For a long time, the supply of public services, including the health service, has been focused on urban areas. After economic reforms in rural areas in late 1970s, which were characterized by the adoption of the household contract responsibility system, the rural co-operative medical service system established after 1949 collapsed with the weakening of the rural collective economy. This has further deteriorated the medical service situation in rural areas.

It is not rare for farmers to fall into poverty if their family members suffer serious illness. Low health conditions also dampen farmers' ability to get work and consequently become rich.

Just like the unbalanced economic development between the east and west, there are also gaps in public health development in these regions. The number of hospital beds per thousand people in Beijing, for example, is 6.28. It is 5.75 in Shanghai, but only 1.51 in the southwest province of Guizhou.

For the rural population in the suburbs of Beijing and Shanghai, more than 97 per cent have access to tap water, but in central and western provinces such as Gansu and Shaanxi, that figure is less than 40 per cent.

Low health conditions in western areas remain a burden and an obstacle for local people to break away from poverty and achieve economic prosperity.

The government has set a target of building a well-off society in an all-round way in the coming two decades and the development of public health is an important part of this.

As a first step, the goal that everyone can enjoy primary health service should be realized by 2005. Between 2006 and 2020, the country should work to ensure that everyone can enjoy health services of a higher level. While promoting the coverage of public health service, service quality will also be improved.

Government investment in this field is regarded as the most efficient and also contributes to improving social equality.

So the government should enlarge investment in this sector. In 2000, total expenditure in the health service accounted for 5.3 per cent of GDP, a little bit higher than the minimum standard of 5 per cent set by the WHO. Of the total expenditure, only 39.4 per cent came from the government and other social sectors. In developed countries, this rate is as high as 71 per cent.

The government's input to the public health sector was only 1.71 per cent of State fiscal expenditure, compared with around 14 per cent in developed countries like the United States and Britain.

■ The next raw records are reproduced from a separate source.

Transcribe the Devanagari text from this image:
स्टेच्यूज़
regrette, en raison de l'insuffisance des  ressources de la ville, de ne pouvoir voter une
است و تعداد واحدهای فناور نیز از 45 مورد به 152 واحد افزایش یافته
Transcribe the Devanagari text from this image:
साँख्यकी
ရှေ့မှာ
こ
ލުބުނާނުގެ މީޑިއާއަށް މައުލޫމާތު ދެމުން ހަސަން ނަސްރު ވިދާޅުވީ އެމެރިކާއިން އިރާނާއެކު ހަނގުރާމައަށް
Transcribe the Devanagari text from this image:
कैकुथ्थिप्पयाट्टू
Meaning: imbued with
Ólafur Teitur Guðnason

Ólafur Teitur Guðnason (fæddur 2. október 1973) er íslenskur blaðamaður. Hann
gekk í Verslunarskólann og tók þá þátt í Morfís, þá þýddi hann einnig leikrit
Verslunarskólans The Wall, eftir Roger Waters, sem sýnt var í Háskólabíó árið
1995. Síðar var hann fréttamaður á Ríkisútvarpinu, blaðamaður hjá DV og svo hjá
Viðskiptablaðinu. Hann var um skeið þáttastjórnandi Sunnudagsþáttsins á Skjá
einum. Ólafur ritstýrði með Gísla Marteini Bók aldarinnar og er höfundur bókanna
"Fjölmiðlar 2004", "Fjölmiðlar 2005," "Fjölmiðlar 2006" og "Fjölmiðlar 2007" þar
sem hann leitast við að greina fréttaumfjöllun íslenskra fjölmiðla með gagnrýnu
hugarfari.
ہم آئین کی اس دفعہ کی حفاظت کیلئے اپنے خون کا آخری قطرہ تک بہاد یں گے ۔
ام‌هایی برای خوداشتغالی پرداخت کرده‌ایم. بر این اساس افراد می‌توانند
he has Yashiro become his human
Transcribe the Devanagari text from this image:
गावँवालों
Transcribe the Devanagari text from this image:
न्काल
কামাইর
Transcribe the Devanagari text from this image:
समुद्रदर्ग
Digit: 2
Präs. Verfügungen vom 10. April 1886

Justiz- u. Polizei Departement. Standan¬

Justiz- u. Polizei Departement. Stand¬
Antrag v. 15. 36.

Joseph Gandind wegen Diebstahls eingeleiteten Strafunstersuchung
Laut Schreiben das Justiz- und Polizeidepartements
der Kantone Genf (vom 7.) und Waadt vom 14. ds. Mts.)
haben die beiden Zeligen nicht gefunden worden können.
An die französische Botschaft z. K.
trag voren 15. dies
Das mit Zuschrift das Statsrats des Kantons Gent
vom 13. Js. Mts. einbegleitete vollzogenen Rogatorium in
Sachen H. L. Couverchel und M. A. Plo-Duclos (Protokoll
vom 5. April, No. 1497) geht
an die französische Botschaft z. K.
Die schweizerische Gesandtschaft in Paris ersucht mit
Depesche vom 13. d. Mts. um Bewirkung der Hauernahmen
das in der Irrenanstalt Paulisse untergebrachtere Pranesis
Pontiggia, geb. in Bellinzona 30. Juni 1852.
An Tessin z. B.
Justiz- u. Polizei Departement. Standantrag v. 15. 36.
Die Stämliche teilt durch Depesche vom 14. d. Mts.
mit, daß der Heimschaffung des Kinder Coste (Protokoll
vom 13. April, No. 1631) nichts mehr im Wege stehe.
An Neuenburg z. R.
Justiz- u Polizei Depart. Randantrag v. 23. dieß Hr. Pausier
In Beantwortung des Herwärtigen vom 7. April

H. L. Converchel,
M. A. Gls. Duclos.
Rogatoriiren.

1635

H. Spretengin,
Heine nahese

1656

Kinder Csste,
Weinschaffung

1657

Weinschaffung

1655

The short supply of public funds has handicapped the government's ability to improve the public service by targeting the general public, especially those with low incomes.

In the field of public health, the role of the government and the market should be re-adjusted. Services like anti-epidemics, maternal and child hygiene, access to safe drinking water and sanitation of public toilets are typical products of public interest and should be shouldered by the government. Personal health care, as a private product, should be left to the market.

Government investment should be tilted in favour of rural areas and low-income groups. The focus of government funds should be shifted from big hospitals in cities to health institutions at township and village levels.

The development of public health should be embedded within the framework of the country's macro economic development. In this way, the public health sector, while contributing to steady economic progress, can also achieve its own development.

The pro-active fiscal policy and the strategy of expanding domestic demand, for example, should be integrated with the work in disease prevention and the upgrading of the public health service. More money from State treasury bonds should be used in improving medical facilities and sanitary conditions in rural areas, and in the research and development of key public health projects.

The improvement of the public health service should be listed as an important part of the country's poverty relief campaign. Currently, various poverty relief funds hold 20 billion yuan (US$2.4 billion) in China, but less than 3 per cent was used on public health. Improved health conditions will help relieve the burden of local people in developing the economy.

Hu Angang is director of Centre for China Study under Chinese Academy of Sciences; Hu Linlin is with the School of Public Policy and Management of Tsinghua University.